De aangemelde instantie geeft een conformiteitscertificaat af voor de verrichte onderzoeken, berekeningen, metingen en tests, en brengt haar identificatienummer aan op de goedgekeurde batterij of laat dat onder haar verantwoordelijkheid aanbrengen.
De fabrikant houdt tot tien jaar na het in de handel brengen van de batterij de conformiteitscertificaten ter beschikking van de nationale autoriteiten.
5. CE-markering en EU-conformiteitsverklaring
De fabrikant brengt de CE-markering en onder de verantwoordelijkheid van de in punt 4 bedoelde aangemelde instantie, het identificatienummer van die laatste aan op elke afzonderlijke batterij die voldoet aan de in punt 1 bedoelde toepasselijke eisen, of, indien dat vanwege de aard van de batterij niet mogelijk of niet opportuun is, op de verpakking en op de documenten die de batterij vergezellen.
De fabrikant stelt overeenkomstig artikel 18 voor iedere batterij een EU-conformiteitsverklaring op en houdt die verklaring tot tien jaar na het in de handel brengen van de batterij ter beschikking van de nationale autoriteiten. In de EU-conformiteitsverklaring wordt het desbetreffende batterijmodel beschreven.
Een kopie van de EU-conformiteitsverklaring moet op verzoek aan de nationale autoriteiten worden verstrekt.
6. Gemachtigde van de fabrikant
De in de punten 2.2, 4.2, en 5 vervatte verplichtingen van de fabrikant kunnen namens de fabrikant en onder de verantwoordelijkheid van de fabrikant worden vervuld door de gemachtigde van de fabrikant, op voorwaarde dat die verplichtingen in het mandaat zijn gespecificeerd.
BIJLAGE IX
EU-CONFORMITEITSVERKLARING Nr.* …
* (identificatienummer van de aangifte)
1. Batterijmodel (product, categorie en partij- of serienummer):
2. Naam en adres van de fabrikant en, indien van toepassing, de gemachtigde van de fabrikant:
3. Deze conformiteitsverklaring wordt afgegeven onder de uitsluitende verantwoordelijkheid van de fabrikant.

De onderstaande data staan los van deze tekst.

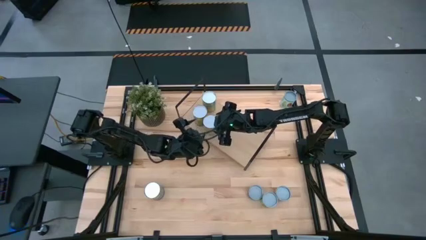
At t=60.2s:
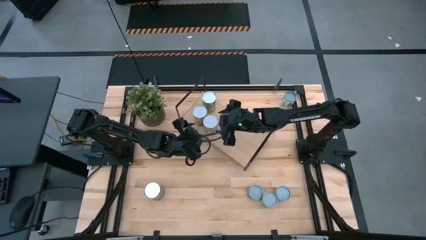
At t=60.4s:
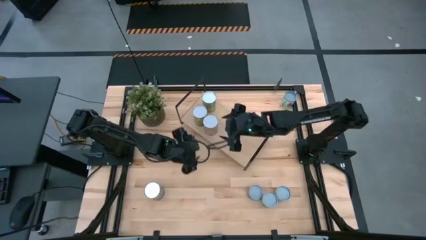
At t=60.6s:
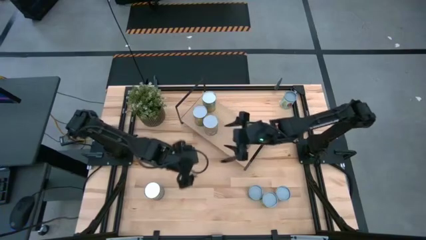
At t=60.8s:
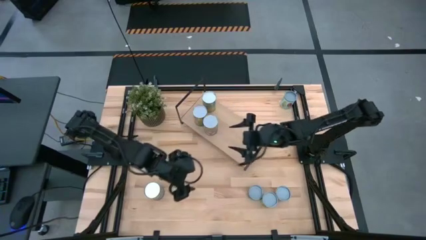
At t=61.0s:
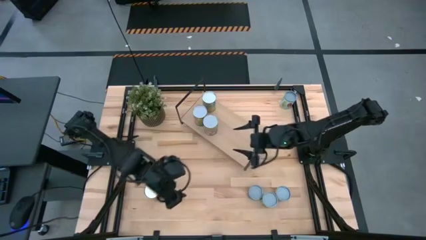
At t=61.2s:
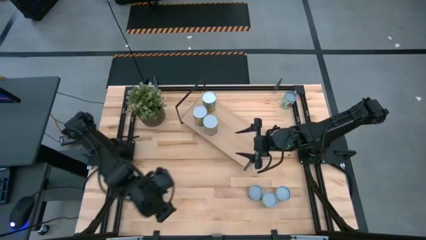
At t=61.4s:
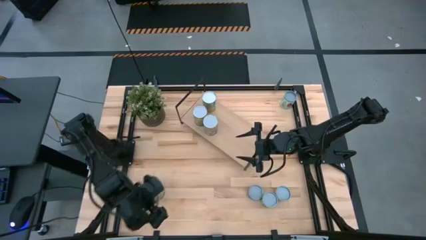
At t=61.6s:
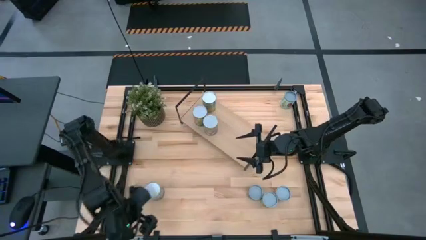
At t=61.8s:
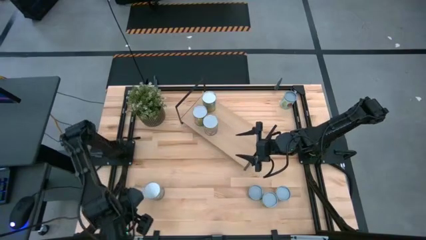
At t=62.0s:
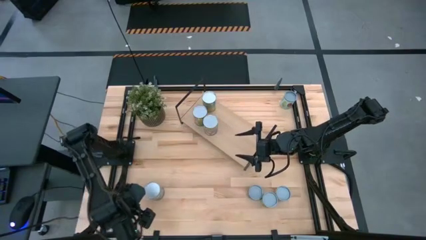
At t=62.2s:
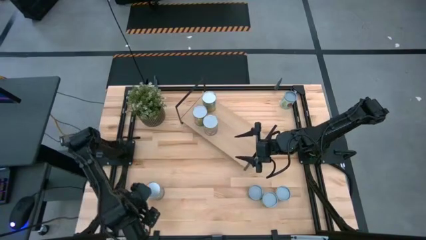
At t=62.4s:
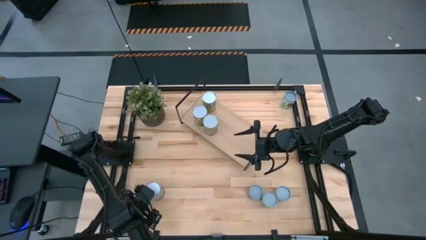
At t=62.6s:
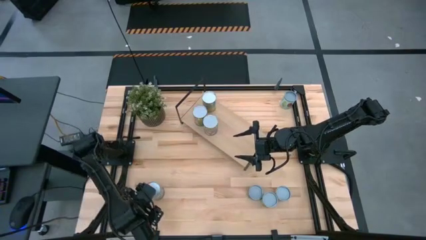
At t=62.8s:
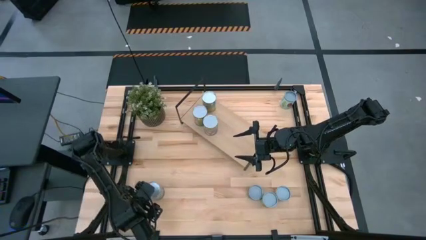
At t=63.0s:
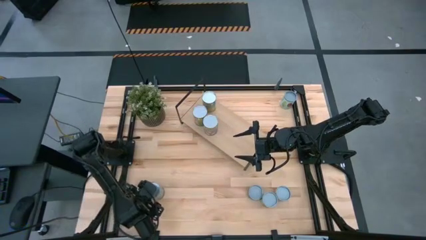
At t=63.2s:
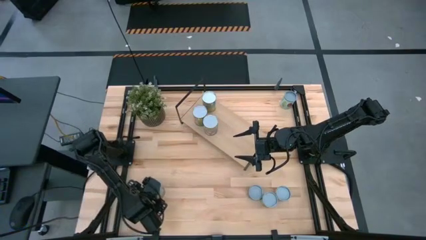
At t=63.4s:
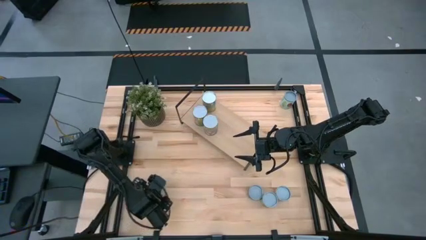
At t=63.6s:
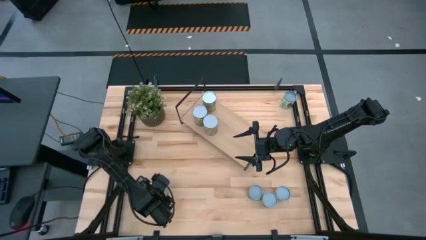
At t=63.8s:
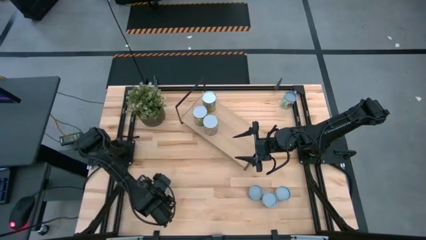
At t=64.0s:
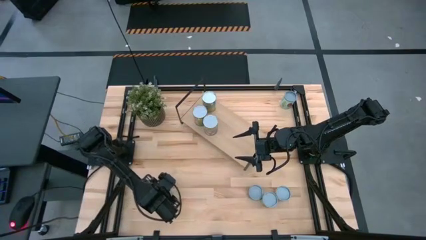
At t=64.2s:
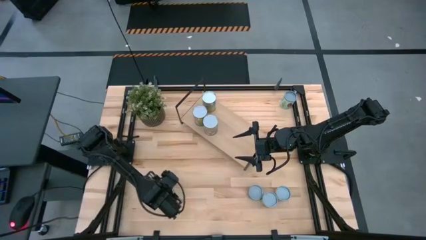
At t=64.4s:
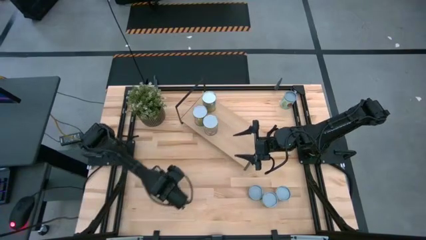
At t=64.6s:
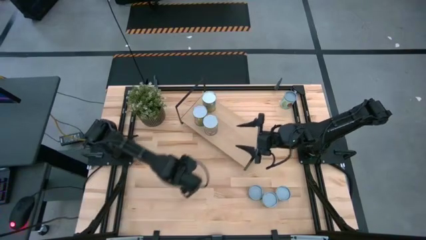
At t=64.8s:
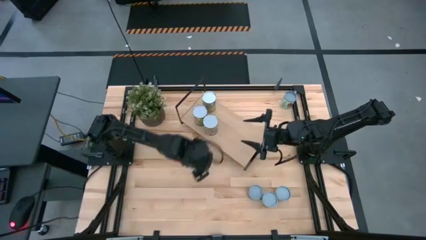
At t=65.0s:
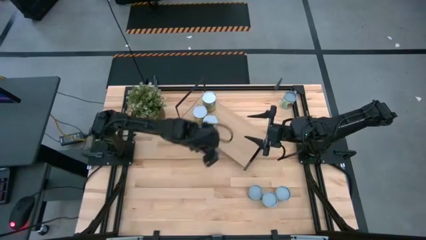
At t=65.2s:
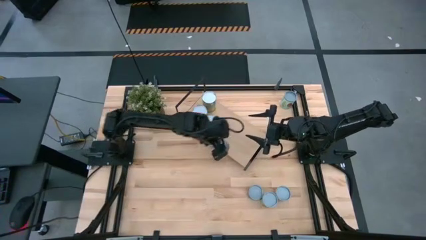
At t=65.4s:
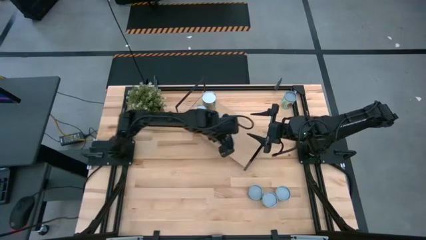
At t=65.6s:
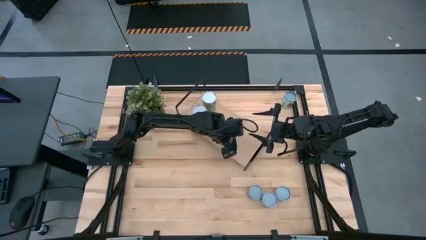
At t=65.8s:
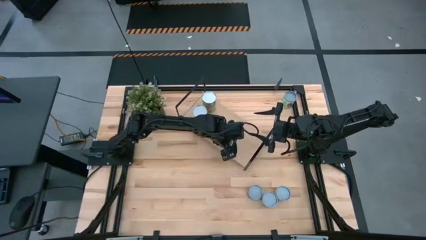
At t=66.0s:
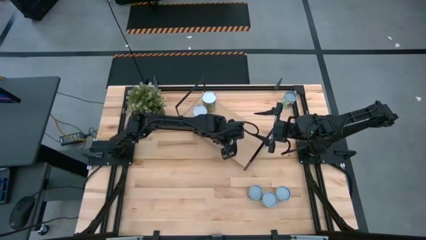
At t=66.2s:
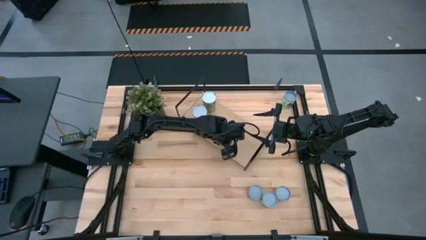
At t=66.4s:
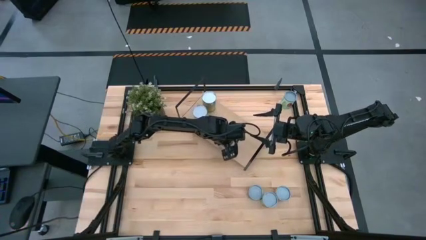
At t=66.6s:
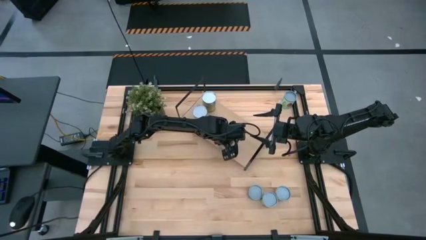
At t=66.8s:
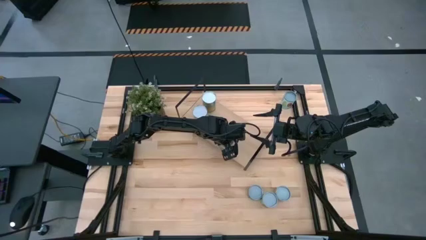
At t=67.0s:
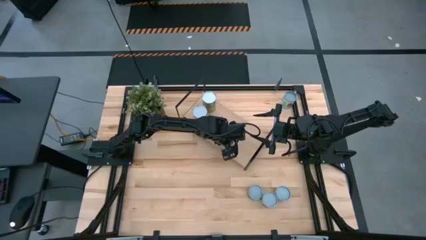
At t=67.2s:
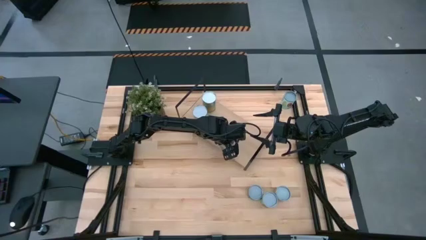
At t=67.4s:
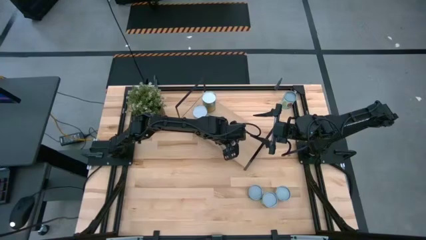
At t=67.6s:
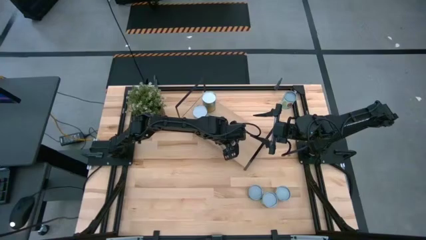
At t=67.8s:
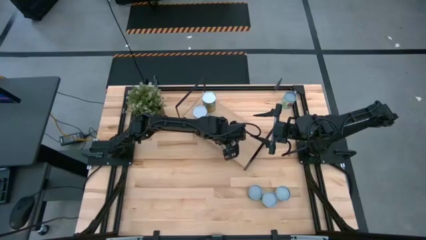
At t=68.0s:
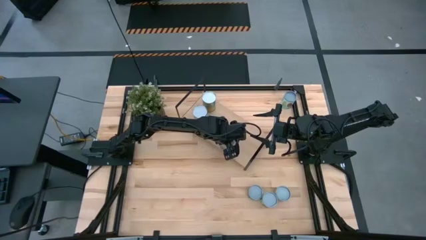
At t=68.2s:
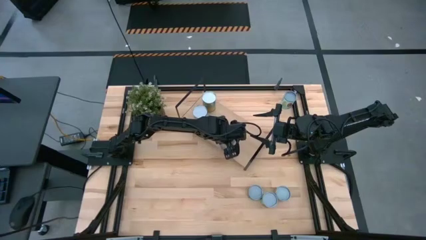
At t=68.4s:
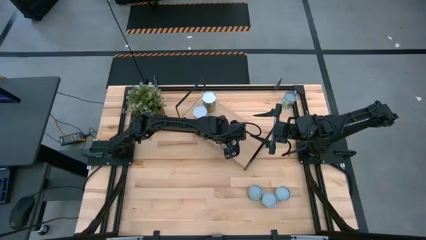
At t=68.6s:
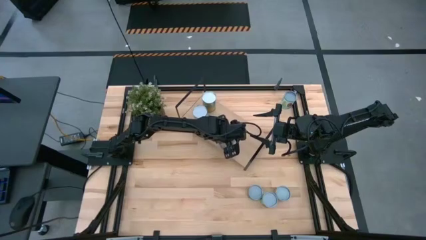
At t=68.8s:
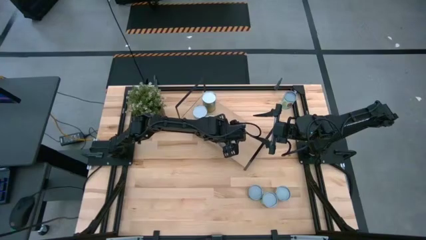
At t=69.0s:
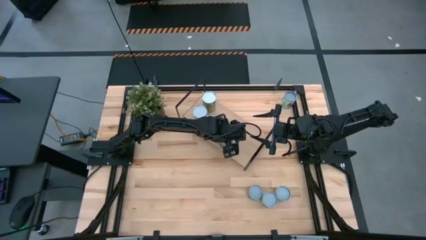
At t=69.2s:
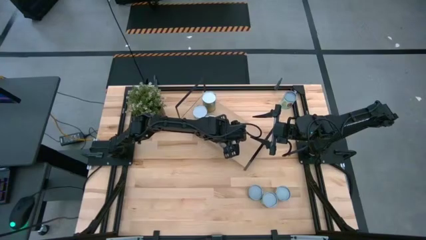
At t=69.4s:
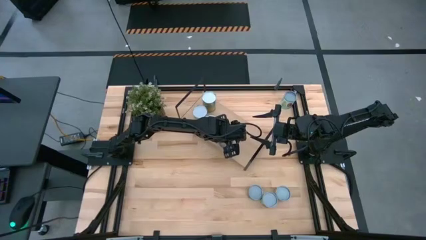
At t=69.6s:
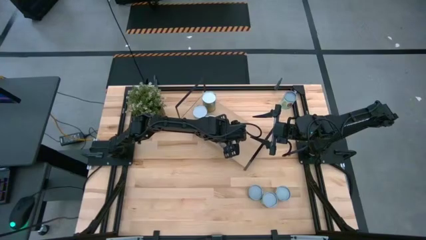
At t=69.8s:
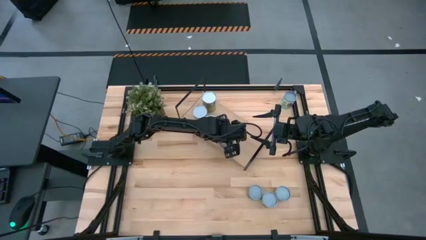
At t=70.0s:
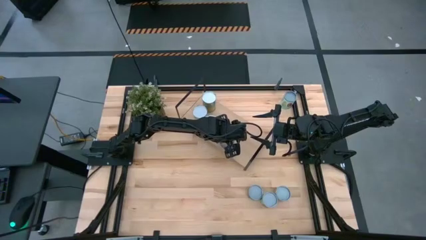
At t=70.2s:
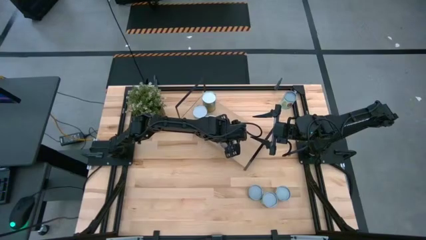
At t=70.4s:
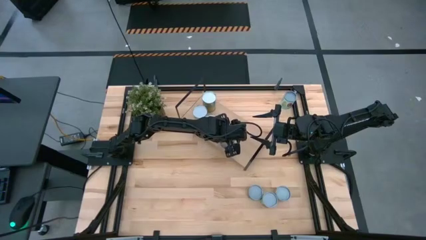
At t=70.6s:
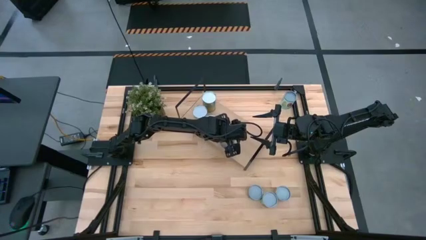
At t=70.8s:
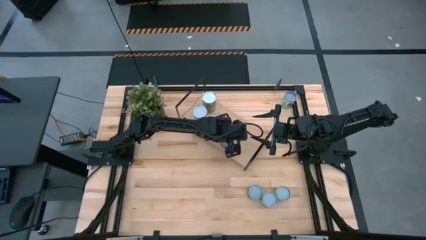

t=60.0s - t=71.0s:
Task: Pick and place cans onto a shelf
Put the canned peas on the shelf

4. Voorwerp van de verklaring (beschrijving van de batterij en identificatie aan de hand waarvan de batterij kan worden getraceerd, en die, waar passend, een afbeelding van de batterij kan bevatten).
5. Het in punt 4 beschreven voorwerp is in overeenstemming met de desbetreffende harmonisatiewetgeving van de Unie: … (verwijzing naar de andere toegepaste handeling van de Unie).

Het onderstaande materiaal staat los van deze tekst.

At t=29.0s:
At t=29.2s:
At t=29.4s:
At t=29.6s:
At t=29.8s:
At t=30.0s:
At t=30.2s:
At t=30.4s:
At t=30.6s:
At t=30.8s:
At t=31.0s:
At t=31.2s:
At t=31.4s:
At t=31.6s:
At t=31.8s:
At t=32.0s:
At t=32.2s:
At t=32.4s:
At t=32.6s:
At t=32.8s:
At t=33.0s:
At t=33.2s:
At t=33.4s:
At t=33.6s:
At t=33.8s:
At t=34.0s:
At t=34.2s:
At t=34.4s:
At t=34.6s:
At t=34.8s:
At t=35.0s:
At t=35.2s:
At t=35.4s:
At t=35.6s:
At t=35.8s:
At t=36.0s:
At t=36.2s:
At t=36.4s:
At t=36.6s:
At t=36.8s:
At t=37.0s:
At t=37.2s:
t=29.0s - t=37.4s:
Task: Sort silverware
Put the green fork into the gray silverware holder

6. Vermelding van de toegepaste relevante geharmoniseerde normen of van de gebruikte gemeenschappelijke specificaties of van de andere technische specificaties waarop de conformiteitsverklaring betrekking heeft:
7. De aangemelde instantie … (naam, adres, nummer) heeft … (werkzaamheden beschrijven) uitgevoerd en het certificaat/de certificaten verstrekt: … (details, inclusief de datum en, waar van toepassing, gegevens over de geldigheidsduur en -voorwaarden van het certificaat).
8. Aanvullende informatie
Ondertekend voor en namens:
(plaats en datum van afgifte):
(naam, functie) (handtekening)
BIJLAGE X
LIJST VAN GRONDSTOFFEN EN RISICOCATEGORIEËN
1. Grondstoffen:
kobalt;
natuurlijk grafiet;
lithium;
nikkel;
op in de punten a) tot en met d) genoemde grondstoffen gebaseerde chemische verbindingen die nodig zijn voor de fabricage van de actieve materialen in batterijen.

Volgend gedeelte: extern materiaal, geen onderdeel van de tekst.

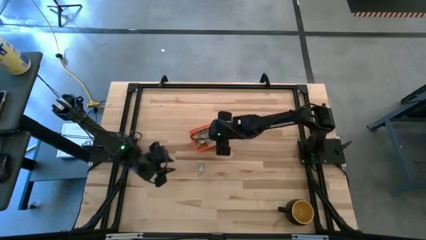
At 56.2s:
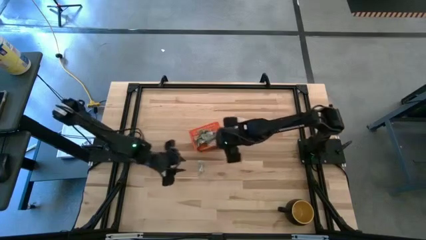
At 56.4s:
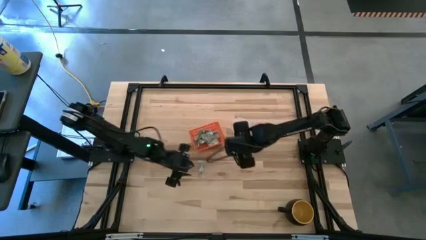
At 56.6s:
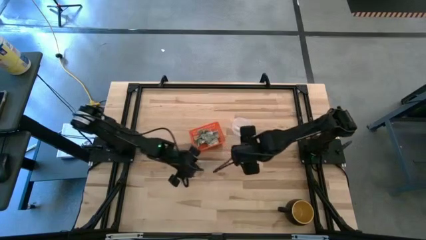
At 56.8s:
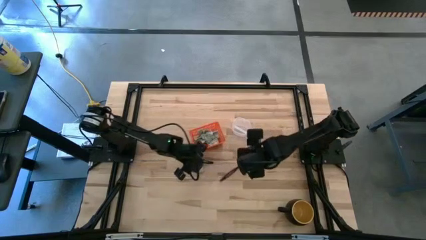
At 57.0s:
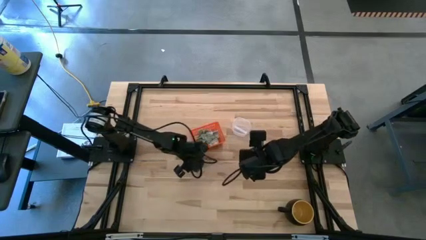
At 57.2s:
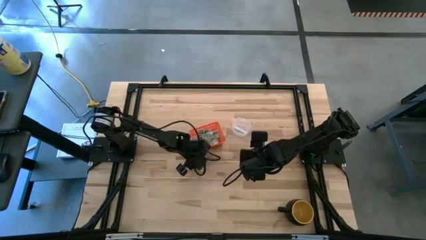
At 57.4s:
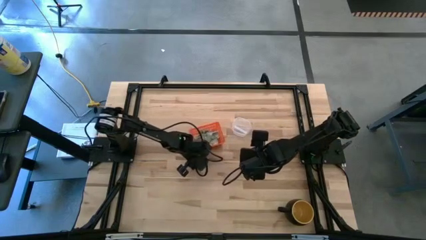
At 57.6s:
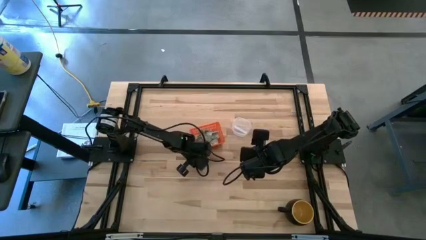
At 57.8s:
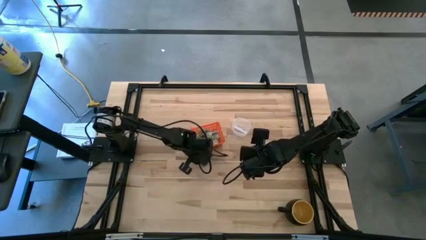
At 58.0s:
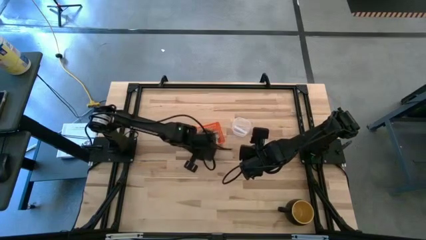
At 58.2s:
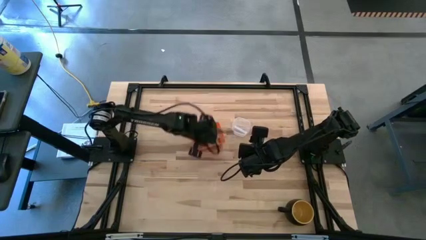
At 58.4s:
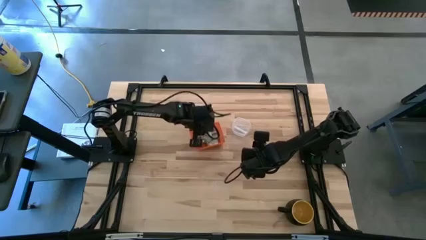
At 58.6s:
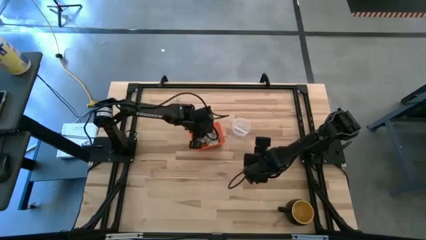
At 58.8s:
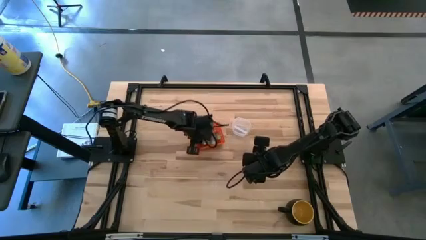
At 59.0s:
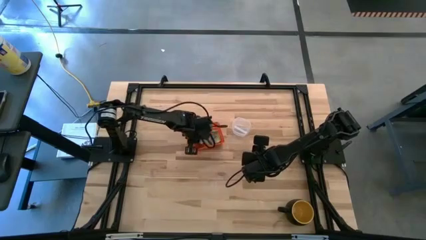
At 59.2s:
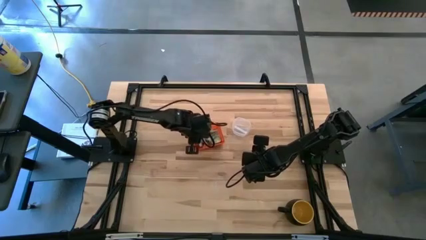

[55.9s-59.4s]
Task: Pick and place Stevia / Truvia into bins
Put the stevia packet into the basket

2. Categorieën van sociale en milieurisico’s:
milieu, klimaat en gezondheid van de mens, rekening houdend met directe, geïnduceerde, indirecte en cumulatieve effecten, met inbegrip van:
lucht, met inbegrip van luchtverontreiniging zoals broeikasgasemissies;
water, waaronder de zeebodem en het mariene milieu, met inbegrip van waterverontreiniging, watergebruik, waterhoeveelheden (overstromingen of droogten) en toegang tot water;
bodem, met inbegrip van bodemverontreiniging, bodemerosie, landgebruik en bodemdegradatie;
biodiversiteit, met inbegrip van schade aan habitats, in het wild levende dieren, flora en ecosystemen, waaronder ecosysteemdiensten;
gevaarlijke stoffen;
geluid en trillingen;
veiligheid van fabricagefaciliteiten;
energieverbruik;
afval en residuen;
mensenrechten, arbeidsrechten en arbeidsverhoudingen, met inbegrip van:
gezondheid en veiligheid op het werk;
kinderarbeid;
dwangarbeid;
discriminatie;
vakbondsvrijheden;
gemeenschapsleven, met inbegrip van dat van inheemse volken.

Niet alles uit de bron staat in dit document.